Increasing Access to Statistical Expertise for Operational Testing
As we argue throughout this report, operational testing and, more broadly, the process of system development are activities that can greatly benefit from the (further) application of statistical methods and statistical principles. The panel repeatedly learned of operational tests for which additional statistical knowledge and expertise could have been used to improve test design and evaluation. Examples of missing statistical knowledge include:
applying principles of optimal experimental design to non-standard situations,
methods for combining information from developmental test and tests of other systems with the results of operational test;
state-of-the-art validation of simulation models for augmenting operational testing;
use of Markov chain methods for software testing; and
use of such techniques as non-homogeneous Poisson processes to model time between failures for a defense system.
As detailed in Chapter 3, the acquisition process itself would benefit from the changes that statistically based principles have brought about in many industrial applications of system development.
The panel is aware of some efforts in the DoD test community to make greater use of the statistical knowledge and tools available to it and to increase the statistical resources that are at hand. Courses in statistics are made available to staff at the service test agencies, particularly the Air Force Operational Test and
Evaluation Center, in relevant areas such as experimental design and reliability theory. The service test agencies, particularly the Army Operational Test and Evaluation Command, make use of statistical consultants. Also, DOT&E has access to expert statistical assistance at the Institute for Defense Analyses. All the service test agencies have military staff who operate with both dedication and professionalism, but they operate in the context of statistical training that prepares them to apply standard methodology, rather than to produce customized solutions as needed. Finally, the service test agencies make use of and occasionally develop statistical software to help in test design and evaluation. RAPTOR, developed at the Air Force Operational Test and Evaluation Center and used to evaluate the reliability of component systems, is a particularly relevant and impressive example of this.
However, the DoD test community generally has limited access to, and makes little use of, individuals who have highly advanced training in statistics, specifically, the level of training that is typical of a doctorate from a graduate program in statistics. The panel knows of only one Ph.D.-level statistician who is a full-time employee in any of the three largest service test agencies at this time. The service test agencies also do not make enough use of the statistical expertise at the Naval Postgraduate School, the Center for Naval Analysis, the Institute for Defense Analyses (through DOT&E), Aerospace, RAND, and other similar institutions. It appears that the Army, Navy, and Air Force test agencies rarely consult with academic statisticians, even for test design and evaluation issues concerning multibillion dollar systems.

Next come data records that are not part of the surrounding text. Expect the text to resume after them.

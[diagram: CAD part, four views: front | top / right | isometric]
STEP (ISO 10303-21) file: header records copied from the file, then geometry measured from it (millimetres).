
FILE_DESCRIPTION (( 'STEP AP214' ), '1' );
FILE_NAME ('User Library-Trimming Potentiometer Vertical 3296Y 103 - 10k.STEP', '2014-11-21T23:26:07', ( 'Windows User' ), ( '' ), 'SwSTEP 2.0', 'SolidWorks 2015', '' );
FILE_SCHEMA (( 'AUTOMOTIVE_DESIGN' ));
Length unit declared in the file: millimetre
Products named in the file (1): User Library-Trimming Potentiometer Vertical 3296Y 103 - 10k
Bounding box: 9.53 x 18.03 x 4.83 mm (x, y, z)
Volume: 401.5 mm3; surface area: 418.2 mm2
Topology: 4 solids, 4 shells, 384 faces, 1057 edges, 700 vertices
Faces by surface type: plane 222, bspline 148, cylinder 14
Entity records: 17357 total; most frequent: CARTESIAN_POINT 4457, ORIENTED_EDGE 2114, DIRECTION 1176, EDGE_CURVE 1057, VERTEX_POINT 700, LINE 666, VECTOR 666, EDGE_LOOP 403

CONSTRAINTS ON ACCESS TO STATISTICAL EXPERTISE
Some of the limited interaction with statistical experts is understandable. First, as stated above, the problems in design and evaluation are heavily constrained by various factors, including test designs that are constrained by budgets to have small sample sizes, test facility scheduling constraints, and test facility limitations. Navy tests seem particularly constrained. Evaluations are often limited by time, and they are focused on the calculation of means and percentages and, sometimes, significance tests for identified measures to be used in the decision regarding whether to enter into full-rate production; this focus reduces incentives for more thorough and sophisticated analyses. These constraints can at times limit the utility gained through interaction with statistical experts. (We note, however, that many of the constraints would disappear with adoption of a test and acquisition strategy recommended in Chapter 3.) Yet these constraints can also increase the value of interactions with statistical experts, since constraints present non-standard design problems; budgetary limitations make efficient test design even more important; and evaluations can be expedited by
making use of effective diagnostics that quickly identify data features worth investigating.

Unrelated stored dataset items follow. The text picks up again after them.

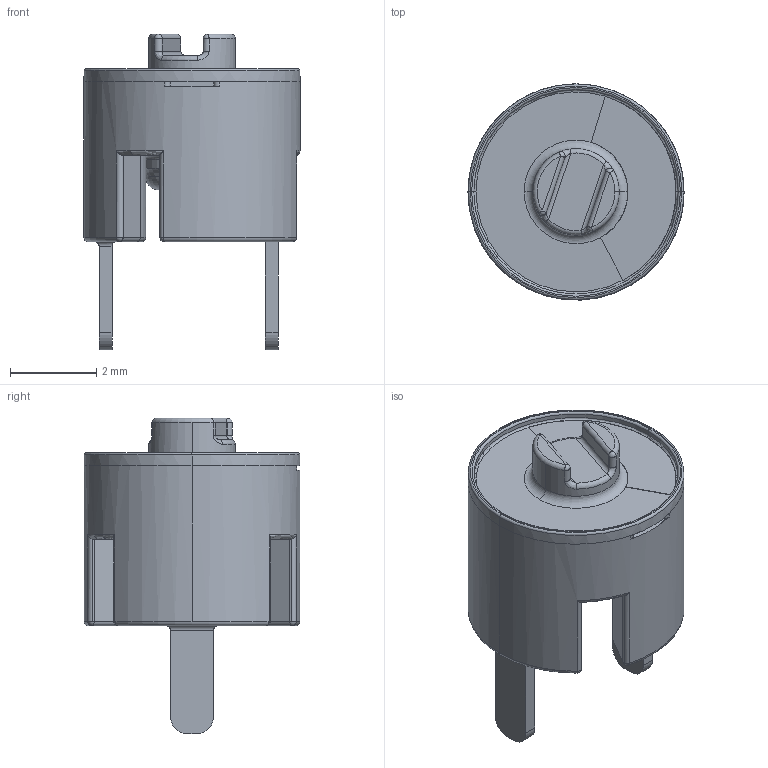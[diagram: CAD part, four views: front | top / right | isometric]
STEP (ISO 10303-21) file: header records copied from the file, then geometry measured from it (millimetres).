
FILE_DESCRIPTION (( 'STEP AP214' ), '1' );
FILE_NAME ('弅4-35.STEP', '2018-03-16T11:11:55', ( 'user' ), ( 'MICROSOFT' ), 'SwSTEP 2.0', 'SolidWorks 2015', '' );
FILE_SCHEMA (( 'AUTOMOTIVE_DESIGN' ));
Length unit declared in the file: millimetre
Products named in the file (1): 弅4-35
Bounding box: 5 x 5 x 7.3 mm (x, y, z)
Volume: 64.8 mm3; surface area: 151.2 mm2
Topology: 1 solids, 1 shells, 167 faces, 426 edges, 250 vertices
Faces by surface type: cylinder 64, plane 48, torus 40, sphere 11, bspline 4
Entity records: 7086 total; most frequent: CARTESIAN_POINT 1248, DIRECTION 912, ORIENTED_EDGE 820, EDGE_CURVE 410, AXIS2_PLACEMENT_3D 378, VERTEX_POINT 244, CIRCLE 214, EDGE_LOOP 170

Second, military staff rotate from one assignment to another as they are promoted, and it is not reasonable for them to have comprehensive or advanced training in statistics, which would necessarily limit their education for other areas important to their success in later assignments. Therefore, we believe the military staff of service test agencies cannot have appreciably greater statistical training than they currently do; however, the civilian work force has no such limitation.
Third, to be of assistance in any applied setting and work with system specialists, particularly in defense testing, a consulting statistician would have to be knowledgeable about DoD systems, how these systems are used, and DoD procedures. A key example of when the interaction between statistician and subject matter specialist would be most useful is in identifying design flaws in a system under development. Statistics can be extremely useful towards this goal, though significant progress would depend on close interaction of a statistician, system specialists, and operational testers. Since knowledge of defense systems and procedures could take quite a while to acquire, a long-term commitment would be needed on the part of, say, a service test agency, and a statistical consultant. Given the uneven demand for statistical expertise in any given program, such a commitment would need to be carefully considered.

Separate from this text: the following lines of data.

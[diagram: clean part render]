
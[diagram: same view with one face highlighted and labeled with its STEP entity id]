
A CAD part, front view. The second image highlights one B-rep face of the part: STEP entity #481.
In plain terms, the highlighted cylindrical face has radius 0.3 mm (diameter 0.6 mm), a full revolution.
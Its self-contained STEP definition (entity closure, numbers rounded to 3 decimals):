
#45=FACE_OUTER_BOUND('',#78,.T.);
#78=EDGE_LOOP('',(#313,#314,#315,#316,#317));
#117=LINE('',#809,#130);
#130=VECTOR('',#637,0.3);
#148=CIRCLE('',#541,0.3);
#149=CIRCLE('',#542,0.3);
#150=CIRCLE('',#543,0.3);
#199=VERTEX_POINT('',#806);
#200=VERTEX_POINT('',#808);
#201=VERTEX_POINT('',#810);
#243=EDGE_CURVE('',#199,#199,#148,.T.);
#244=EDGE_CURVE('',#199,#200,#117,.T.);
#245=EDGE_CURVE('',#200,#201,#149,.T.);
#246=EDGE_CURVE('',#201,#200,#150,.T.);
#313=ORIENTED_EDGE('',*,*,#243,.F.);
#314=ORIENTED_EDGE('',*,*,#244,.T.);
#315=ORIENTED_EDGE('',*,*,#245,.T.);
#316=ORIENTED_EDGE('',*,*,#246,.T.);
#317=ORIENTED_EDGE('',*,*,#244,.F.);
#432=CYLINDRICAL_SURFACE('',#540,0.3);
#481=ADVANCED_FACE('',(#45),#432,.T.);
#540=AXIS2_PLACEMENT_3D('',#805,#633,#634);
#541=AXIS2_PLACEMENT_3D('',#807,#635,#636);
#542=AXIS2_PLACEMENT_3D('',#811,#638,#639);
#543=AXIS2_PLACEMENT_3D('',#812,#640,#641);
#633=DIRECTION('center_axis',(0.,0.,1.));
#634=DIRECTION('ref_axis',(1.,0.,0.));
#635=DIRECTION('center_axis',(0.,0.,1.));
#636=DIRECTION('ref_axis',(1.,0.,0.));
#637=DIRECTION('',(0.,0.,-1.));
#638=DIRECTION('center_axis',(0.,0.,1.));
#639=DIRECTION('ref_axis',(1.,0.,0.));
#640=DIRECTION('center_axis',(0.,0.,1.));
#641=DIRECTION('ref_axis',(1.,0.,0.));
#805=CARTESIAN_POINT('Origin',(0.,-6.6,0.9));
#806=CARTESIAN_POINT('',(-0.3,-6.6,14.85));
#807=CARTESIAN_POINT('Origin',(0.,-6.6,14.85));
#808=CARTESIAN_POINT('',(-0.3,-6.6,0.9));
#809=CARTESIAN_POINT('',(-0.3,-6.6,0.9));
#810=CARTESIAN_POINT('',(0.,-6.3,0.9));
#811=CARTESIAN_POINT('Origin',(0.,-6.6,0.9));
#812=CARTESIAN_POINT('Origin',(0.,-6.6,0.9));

Fourth, there is the widespread belief in the DoD test community that statisticians will only recommend unaffordably large operational tests, based on arguments related to tests with sufficient power, regardless of the costs of test units; that they will ask for too much time for evaluation, regardless of the need for a timely decision; and, more broadly, that the discipline of statistics is generally useful only for large sample size questions. The last point, in particular, does not reflect awareness of the most up-to-date statistical advances. One of the themes of this report is that, through careful modeling and efficient experimental design or both, it is possible to achieve substantial resources savings and, in particular, a reduction in the sample size required for a fixed level of precision.
While the panel accepts the first three arguments above as possible constraints on the availability and utility of statistical expertise, it remains that test design, test evaluation, and system development are all activities that are informed through the application of statistical techniques and principles. We therefore argue that the DoD test and acquisition community needs to develop increased interaction with statistical expertise at the doctorate level. Although some of the technical issues discussed in this report are fairly routine, many require methods that are either not presented until late in graduate work or are current research problems. Therefore, the need for interaction with expert statisticians is clear and currently unmet. This lack of high-level statistical advice and interaction in the DoD test community also reduces the chances that when this type of expertise is needed in new application areas, it will be recognized.
Conclusion 10.1: The level of statistical expertise in the service test agencies and at the Director, Operational Test and Evaluation is currently inadequate to effectively carry out their missions.
There are a variety of ways to enhance access to statistical expertise in the defense testing community, considering the constraints discussed above. More statistical expertise can come in at least four forms: (1) increased training of current staff, (2) increased hiring of expert (master's- and doctorate-level) statisticians, (3) increased use of statistical consultants including those available through federally financed research and development centers, government laboratories, and supporting institutions, and (4) increased hiring of temporary staff through interagency professional agreements, use of temporary openings for academic statisticians on sabbaticals, and formation of fellowships in conjunction with groups such as the American Statistical Association.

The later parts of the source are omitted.